Referring to FIG. 8, a compression device according to a further embodiment of the invention is shown on the leg of the patient. The device is functionally similar to the device of the previous embodiment but includes a controller unit 210 which is able to be placed within a pouch provided on the inflatable sleeve 202. The inflatable sleeve 202 comprises cells similarly to the device shown in FIG. 4. The controller unit 210 does not have an umbilical cord running from it in order to communicate within the inflatable sleeve 202. Instead when the controller unit 210 is correctly in place inside the pouch, it is arranged to be aligned with a fluid connector (not shown) which allows correct inflation/deflation of the inflatable sleeve 202. The controller unit 210 is arranged to be snap-fitted into place in order to obtain correct alignment with the fluid connector (not shown). In other embodiments, different alignment means may be provided.

Various modifications may be made to the present invention without departing from its scope. For example, the

controller unit

8, 210 may not have a user input. Instead, for example, the system can receive inputs from e.g., a keyboard of a computer or other processing device when it is in communication (e.g., infrared).

Also it is not necessary for the compression device to be arranged to provide a constant pressure to each cell or to the sleeve (if there is only one cell). Instead, it may operate in a different type of mode which requires a variation in pressure at different times for example.

The pressured medical device may not be a compression device for the limb.
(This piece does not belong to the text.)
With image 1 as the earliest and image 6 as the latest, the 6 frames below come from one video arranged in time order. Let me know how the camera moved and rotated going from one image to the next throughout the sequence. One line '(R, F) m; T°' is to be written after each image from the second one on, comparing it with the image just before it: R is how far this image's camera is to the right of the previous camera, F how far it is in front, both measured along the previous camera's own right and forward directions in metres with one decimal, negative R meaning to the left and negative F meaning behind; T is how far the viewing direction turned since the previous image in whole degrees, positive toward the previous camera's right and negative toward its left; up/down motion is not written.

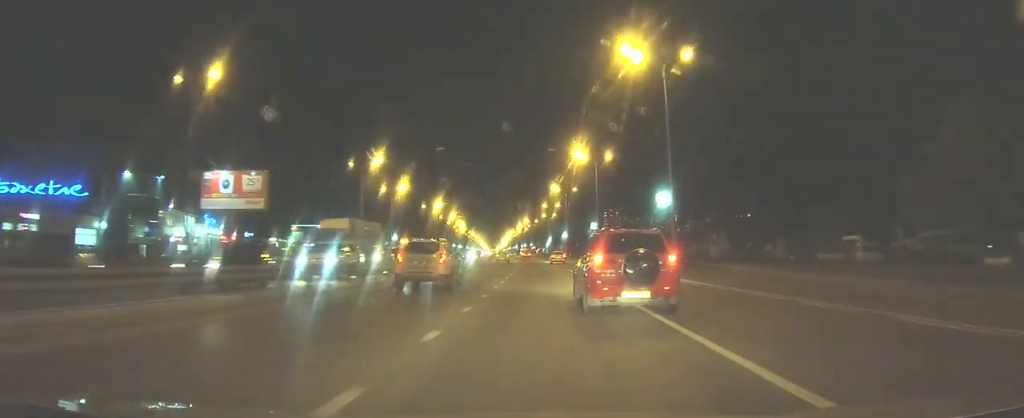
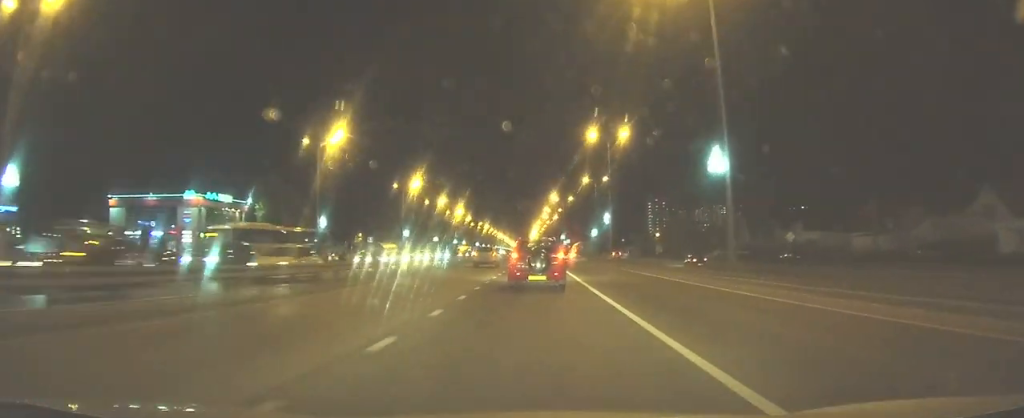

For example, it may be an inflatable mattress such as a pressure offloading mattress.

Claims

1. A pressurized medical device for a limb of a patient comprising:

a. an inflatable sleeve arranged to surround the limb and exert pressure on the limb, said sleeve comprising one or more individually inflatable cells wherein each cell has an associated pressure sensor arranged to determine the pressure exerted by the cell;

b. a fluid connector comprising a conduit attached to the sleeve and arranged to deliver fluid to the sleeve;

c. detection means arranged to detect malfunctioning of a pressure sensor, the detection means comprising a reference pressure sensor arranged to independently measure the pressure exerted by the sleeve on the limb of the patient; and

d. a control system arranged to control flow of fluid in the device to reduce the exerted pressure to substantially zero if a pressure sensor detects a pressure exceeding a first predefined amount, and to reduce the exerted pressure to substantially zero if the reference pressure sensor detects a pressure exceeding a second predefined amount, said second predefined amount being greater than the first predefined amount.

2. The pressurized medical device of claim 1 for the limb of a mobile patient.
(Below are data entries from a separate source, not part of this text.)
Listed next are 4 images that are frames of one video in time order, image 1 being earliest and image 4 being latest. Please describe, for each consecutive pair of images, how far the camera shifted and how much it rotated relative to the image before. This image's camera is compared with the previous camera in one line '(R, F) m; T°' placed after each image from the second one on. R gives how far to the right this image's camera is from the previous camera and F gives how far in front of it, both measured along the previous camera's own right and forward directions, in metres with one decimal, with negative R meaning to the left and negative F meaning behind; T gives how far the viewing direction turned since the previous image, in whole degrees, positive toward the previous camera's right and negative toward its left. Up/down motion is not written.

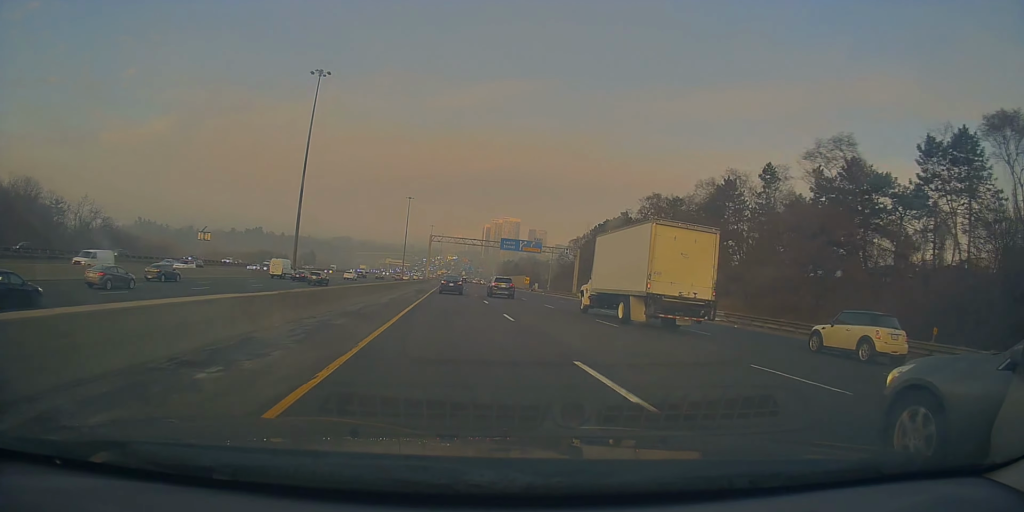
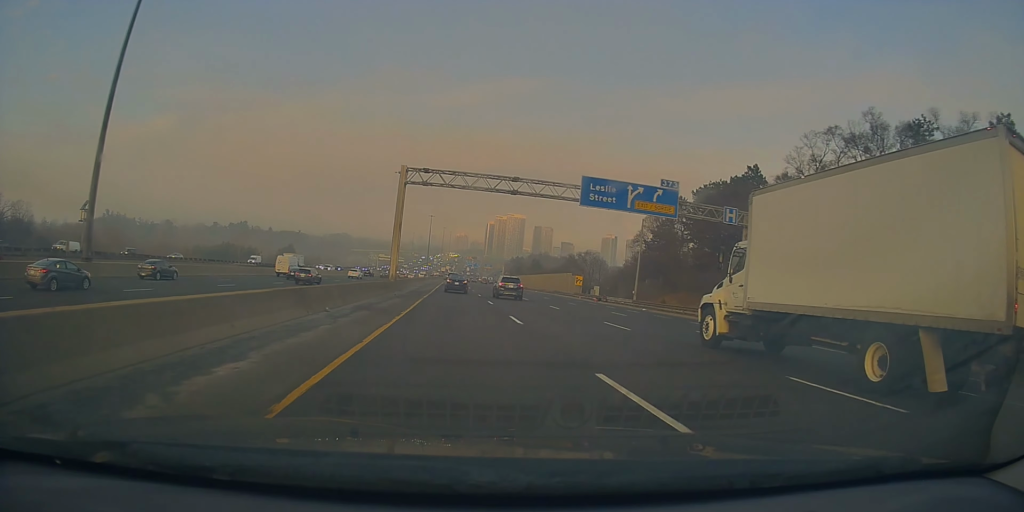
(-0.6, +60.1) m; +1°
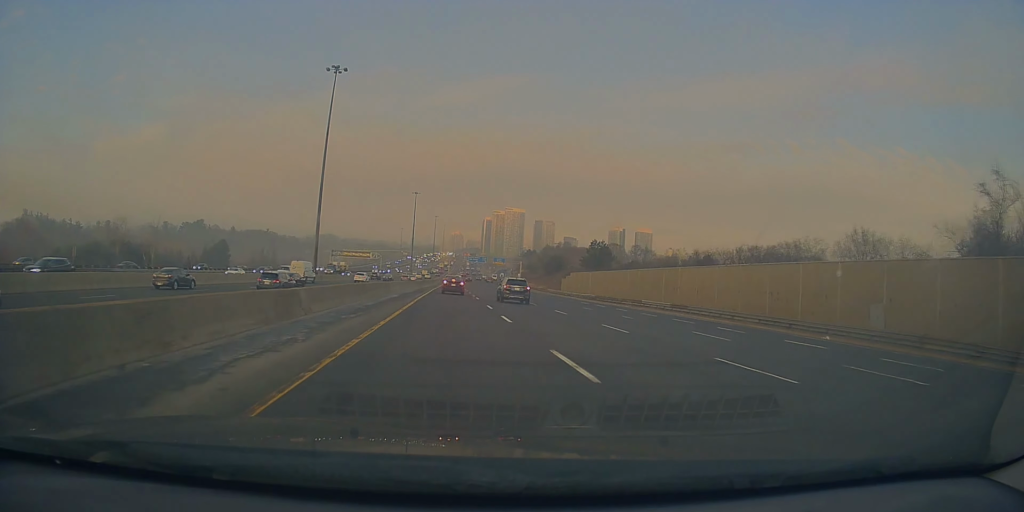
(+0.6, +104.1) m; 0°
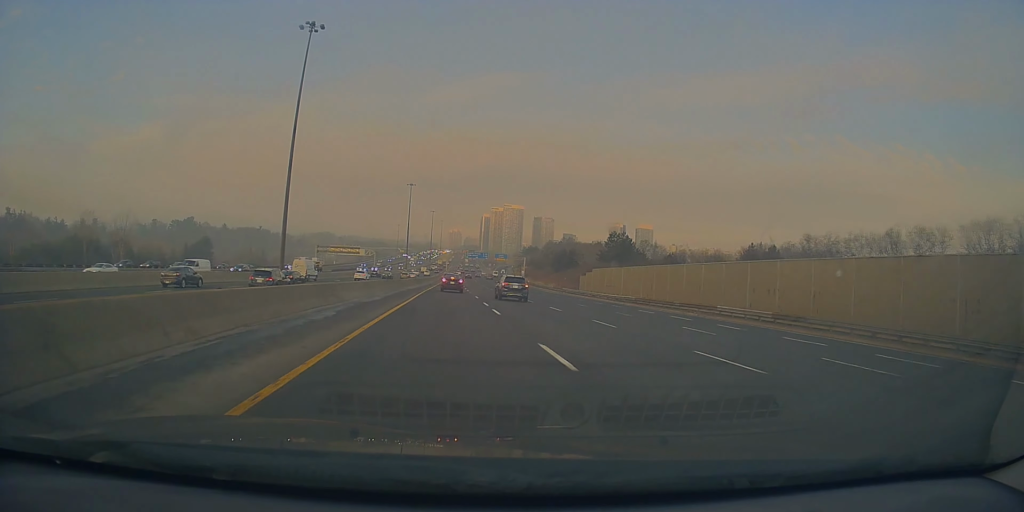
(0.0, +17.5) m; 0°

3. The pressurized medical device of claim 1, wherein the detection means is arranged to check for malfunctioning of a pressure sensor periodically, continuously, from time to time at preset or random intervals, every time the device is used or at any other suitable time when the device is used.
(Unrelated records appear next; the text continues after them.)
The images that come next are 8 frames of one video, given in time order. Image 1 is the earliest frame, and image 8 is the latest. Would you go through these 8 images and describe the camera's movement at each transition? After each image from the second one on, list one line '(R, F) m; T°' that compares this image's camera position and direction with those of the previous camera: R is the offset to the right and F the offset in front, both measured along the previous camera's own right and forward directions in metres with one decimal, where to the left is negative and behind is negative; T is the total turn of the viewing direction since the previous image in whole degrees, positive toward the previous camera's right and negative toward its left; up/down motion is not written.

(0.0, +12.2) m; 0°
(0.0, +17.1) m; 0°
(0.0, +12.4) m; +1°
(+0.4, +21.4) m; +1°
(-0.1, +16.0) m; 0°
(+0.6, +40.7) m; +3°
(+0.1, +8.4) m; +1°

4. The pressurized medical device of claim 1, wherein the control system comprises a first processor arranged to determine whether the pressure exceeds the first predefined amount and a second processor, distinct from the control system, arranged to determine whether the pressure exceeds the second predefined amount.

5. The pressurized medical device of claim 1, wherein the control system comprises a first processor arranged to determine whether the pressure exceeds the first pre-defined amount and a hardware unit, distinct from the control system, is arranged to determine whether the pressure exceeds the second pre-defined amount.